Start of Source information
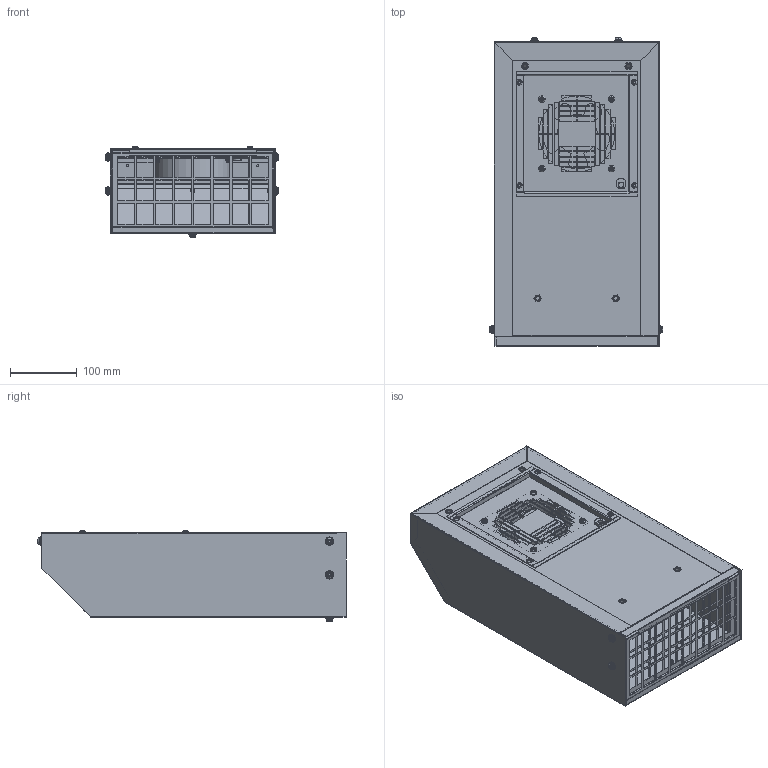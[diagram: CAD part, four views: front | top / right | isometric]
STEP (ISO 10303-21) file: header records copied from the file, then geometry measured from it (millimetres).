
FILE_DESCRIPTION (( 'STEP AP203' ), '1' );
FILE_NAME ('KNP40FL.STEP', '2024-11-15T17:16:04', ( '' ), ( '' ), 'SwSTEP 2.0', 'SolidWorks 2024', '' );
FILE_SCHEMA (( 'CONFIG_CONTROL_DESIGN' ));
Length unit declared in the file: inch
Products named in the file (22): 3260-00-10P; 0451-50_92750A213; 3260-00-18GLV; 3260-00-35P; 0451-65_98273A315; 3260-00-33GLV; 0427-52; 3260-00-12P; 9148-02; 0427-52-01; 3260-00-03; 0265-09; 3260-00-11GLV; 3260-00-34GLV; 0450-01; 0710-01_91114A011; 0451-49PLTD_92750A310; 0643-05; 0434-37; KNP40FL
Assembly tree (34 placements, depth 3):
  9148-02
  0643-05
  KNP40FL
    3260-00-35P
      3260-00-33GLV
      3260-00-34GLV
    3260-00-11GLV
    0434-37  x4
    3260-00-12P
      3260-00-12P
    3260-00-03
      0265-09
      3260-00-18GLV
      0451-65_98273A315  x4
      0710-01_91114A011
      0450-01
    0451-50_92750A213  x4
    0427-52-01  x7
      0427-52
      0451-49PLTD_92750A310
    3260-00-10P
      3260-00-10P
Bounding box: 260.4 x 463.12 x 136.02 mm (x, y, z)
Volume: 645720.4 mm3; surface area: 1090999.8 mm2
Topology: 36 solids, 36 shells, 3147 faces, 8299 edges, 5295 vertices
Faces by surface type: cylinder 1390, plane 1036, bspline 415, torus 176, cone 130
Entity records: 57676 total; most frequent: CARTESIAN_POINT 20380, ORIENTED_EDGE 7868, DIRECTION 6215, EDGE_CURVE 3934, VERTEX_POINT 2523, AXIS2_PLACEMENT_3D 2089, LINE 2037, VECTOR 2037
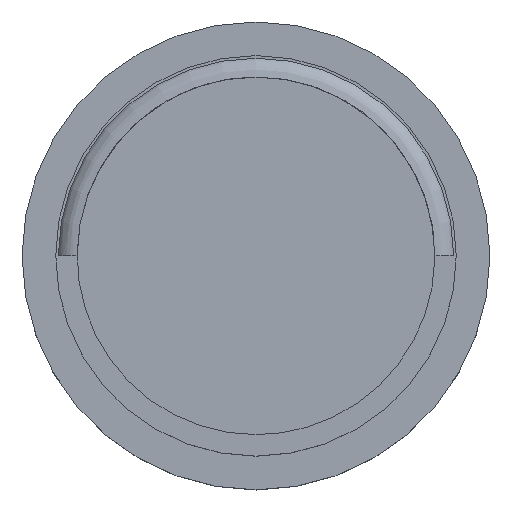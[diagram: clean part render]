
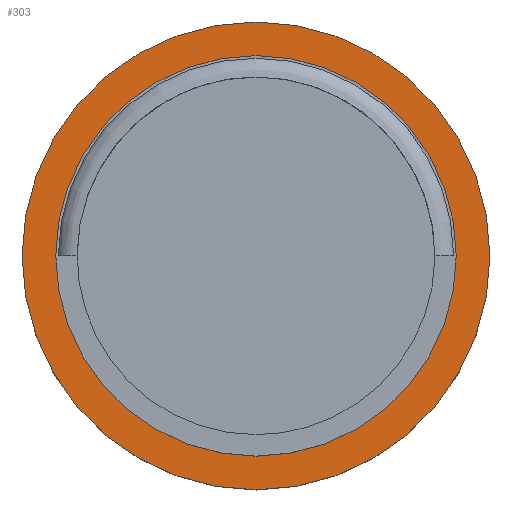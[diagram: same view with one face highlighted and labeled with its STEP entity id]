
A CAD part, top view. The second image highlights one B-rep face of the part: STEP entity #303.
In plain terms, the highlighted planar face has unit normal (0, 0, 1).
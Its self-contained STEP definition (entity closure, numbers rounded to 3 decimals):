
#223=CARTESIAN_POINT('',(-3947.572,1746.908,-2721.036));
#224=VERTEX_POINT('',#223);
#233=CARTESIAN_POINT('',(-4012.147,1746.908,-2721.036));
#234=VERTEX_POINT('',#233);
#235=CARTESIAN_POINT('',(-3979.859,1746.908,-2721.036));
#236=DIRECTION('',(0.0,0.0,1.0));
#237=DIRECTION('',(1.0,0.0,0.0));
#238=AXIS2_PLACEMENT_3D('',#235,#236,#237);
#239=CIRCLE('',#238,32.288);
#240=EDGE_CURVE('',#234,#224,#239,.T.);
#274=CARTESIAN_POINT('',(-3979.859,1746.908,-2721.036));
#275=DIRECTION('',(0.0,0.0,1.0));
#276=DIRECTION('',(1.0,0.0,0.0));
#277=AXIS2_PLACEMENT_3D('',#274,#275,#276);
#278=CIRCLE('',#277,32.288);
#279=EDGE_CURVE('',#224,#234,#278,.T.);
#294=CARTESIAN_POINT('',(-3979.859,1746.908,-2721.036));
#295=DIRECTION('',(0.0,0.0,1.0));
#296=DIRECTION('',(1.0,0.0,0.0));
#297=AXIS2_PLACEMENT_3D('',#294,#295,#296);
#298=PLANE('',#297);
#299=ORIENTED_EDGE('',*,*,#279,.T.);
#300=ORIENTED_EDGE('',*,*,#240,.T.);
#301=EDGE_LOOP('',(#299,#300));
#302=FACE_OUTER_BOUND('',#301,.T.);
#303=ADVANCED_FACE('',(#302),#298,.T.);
End of Source information
Quote the records above exactly, from the first line through the line containing "FILE_DESCRIPTION (( 'STEP AP203' ), '1' );", and leave out the pictures.

[diagram: CAD part, four views: front | top / right | isometric]
STEP (ISO 10303-21) file: header records copied from the file, then geometry measured from it (millimetres).
FILE_DESCRIPTION (( 'STEP AP203' ), '1' );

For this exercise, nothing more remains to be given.